Common Good, Character, and Conscience
Twenty- Ninth Sunday in Ordinary Time
October 18, 2020
Isaiah 45:1, 4-6/I Thessalonians 1:1-5b/Matthew 22:15-21
|Sr. Bernadine Karge, OP|
Today’s Gospel raises a question we often hear in today’s discourse. Do I have to pay tax? The census tax referred to in Matthew 22 was imposed by the Roman Empire, the occupiers of Jesus’ country. The coin was a denarius, basically, one day’s wages to support the royal family. Who comes first? The occupying emperor, my country, God, or me?
As we approach the November elections, there is a lot of talk about the three C’s—the common good, the character of the person we elect, and conscience. What choices do/can we make for balancing the inequities in our society that have been revealed to us quite vividly in the last six months of the COVID pandemic?
The Isaiah passage reminds us that we are called, chosen and companioned by God, “though you knew me not.” The 1 Thessalonians reading reinforces the theme of knowing you are loved by God and how you were chosen. “For our gospel did not come to you in word alone, but also in power and in the Holy Spirit and with much conviction.” What power we have in God’s love for us, God’s call, God’s companioning presence and the Holy Spirit sharing our breath with much conviction.

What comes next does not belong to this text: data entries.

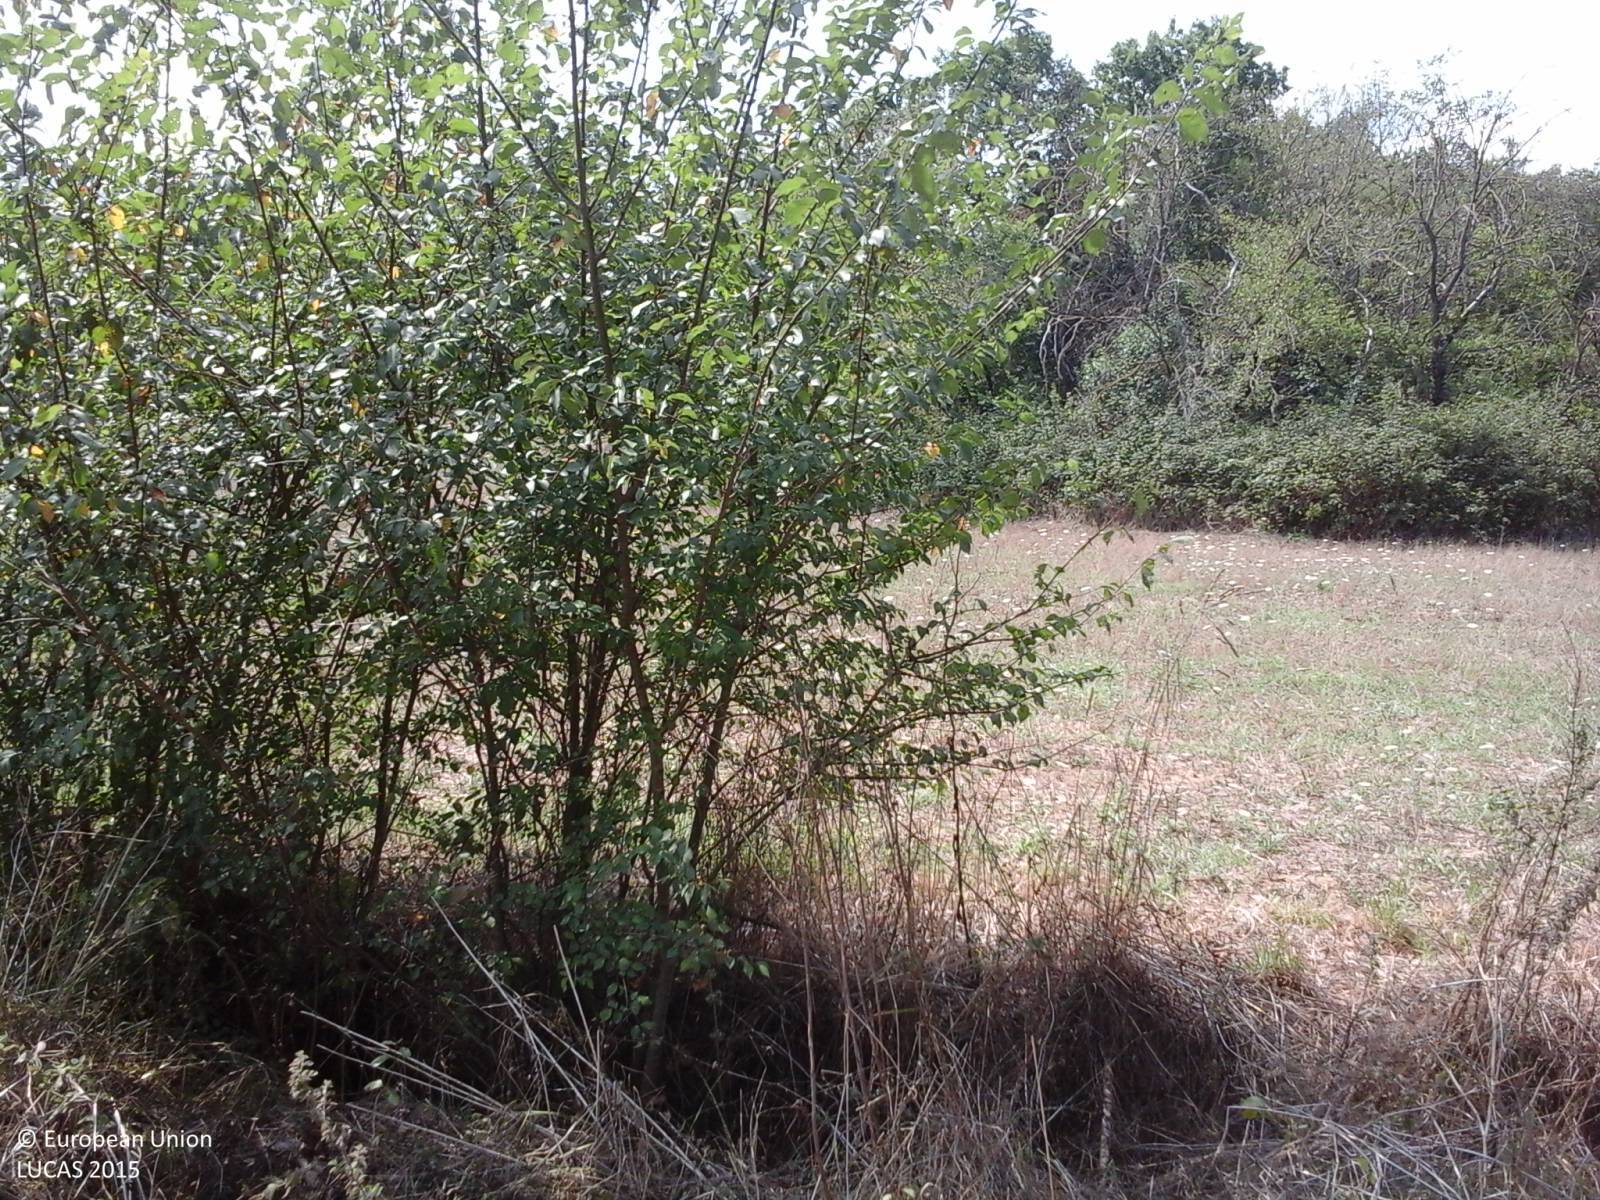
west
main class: Grassland
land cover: Grassland with sparse tree/shrub cover
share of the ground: > 75 %
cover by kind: herbaceous plants 75 %, unconsolidated bare surface 20 %, broadleaved forest trees 5 %
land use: Semi-natural and natural areas not in use
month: August
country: IT
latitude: 41.4782
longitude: 13.3282
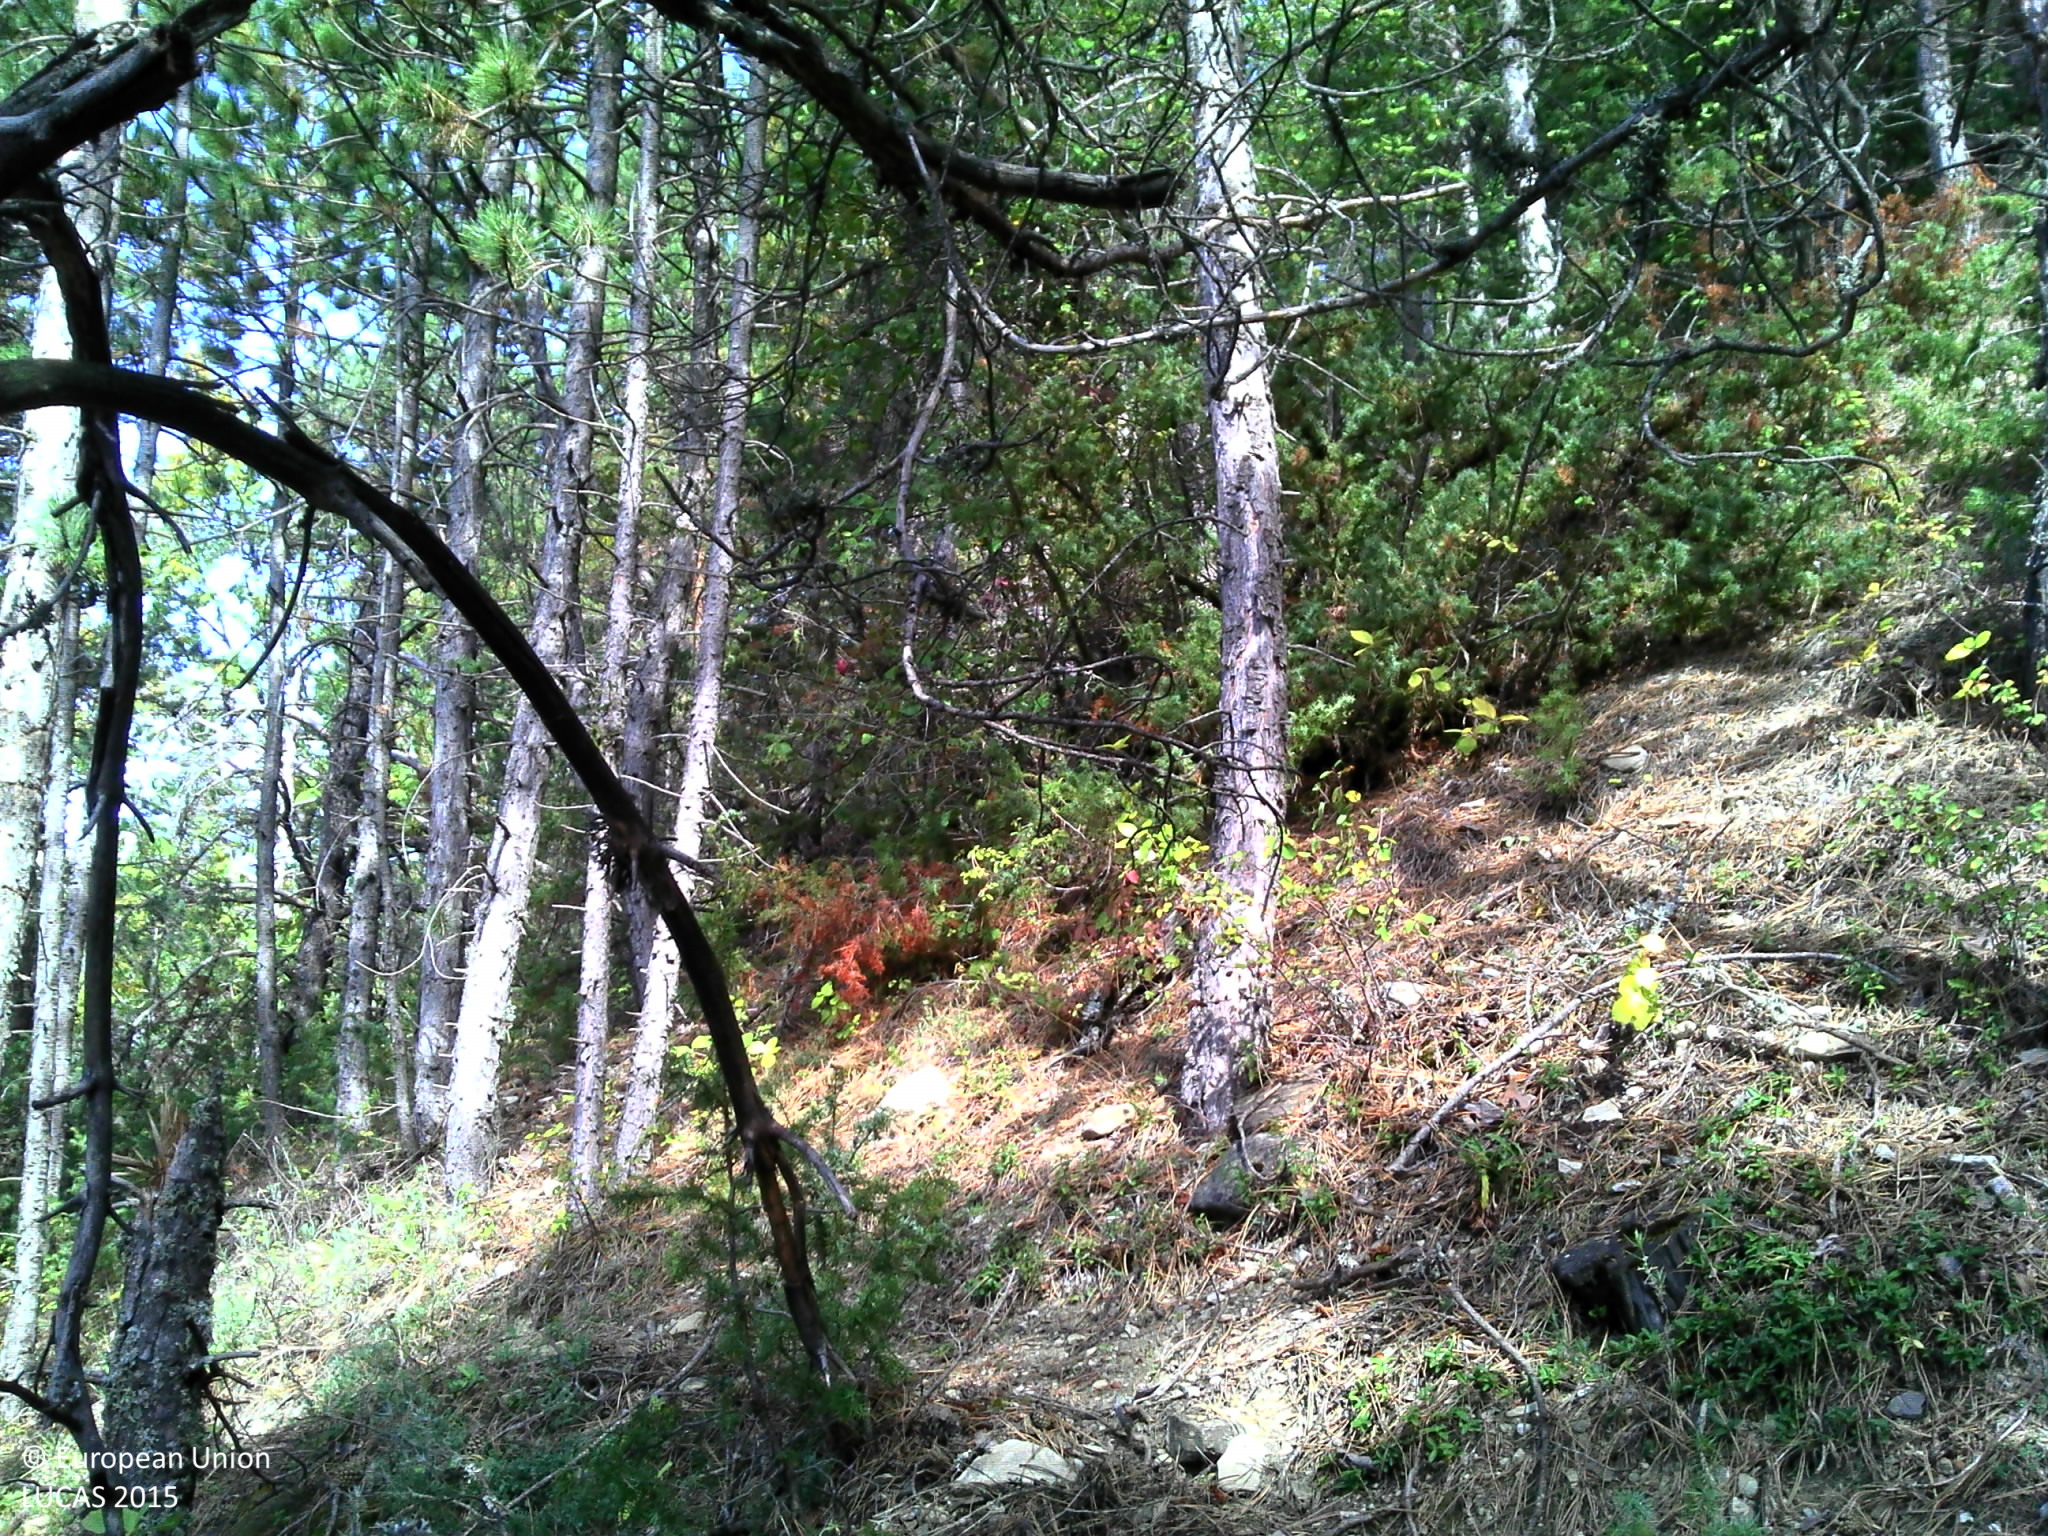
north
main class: Woodland
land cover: Pine dominated coniferous woodland
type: alpine coniferous forest
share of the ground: > 75 %
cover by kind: coniferous forest trees 70 %, shrubs 10 %, unconsolidated bare surface 10 %, broadleaved forest trees 5 %, herbaceous plants 5 %
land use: Semi-natural and natural areas not in use
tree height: > 5 m
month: September
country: FR
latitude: 44.5818
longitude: 6.5427

Jesus’ response to the Herodians, the political group supporting the royal family, is ambiguous. If one believes Caesar is due tax, then pay. If one believes everything belongs to God, then don’t pay. Make your choice. Who comes first? “Repay to God what belongs to God.”
The first commandment and greatest commandment puts God first. The second commandment puts the neighbor second and the self, third. We have the power to choose: One, two, three, GO!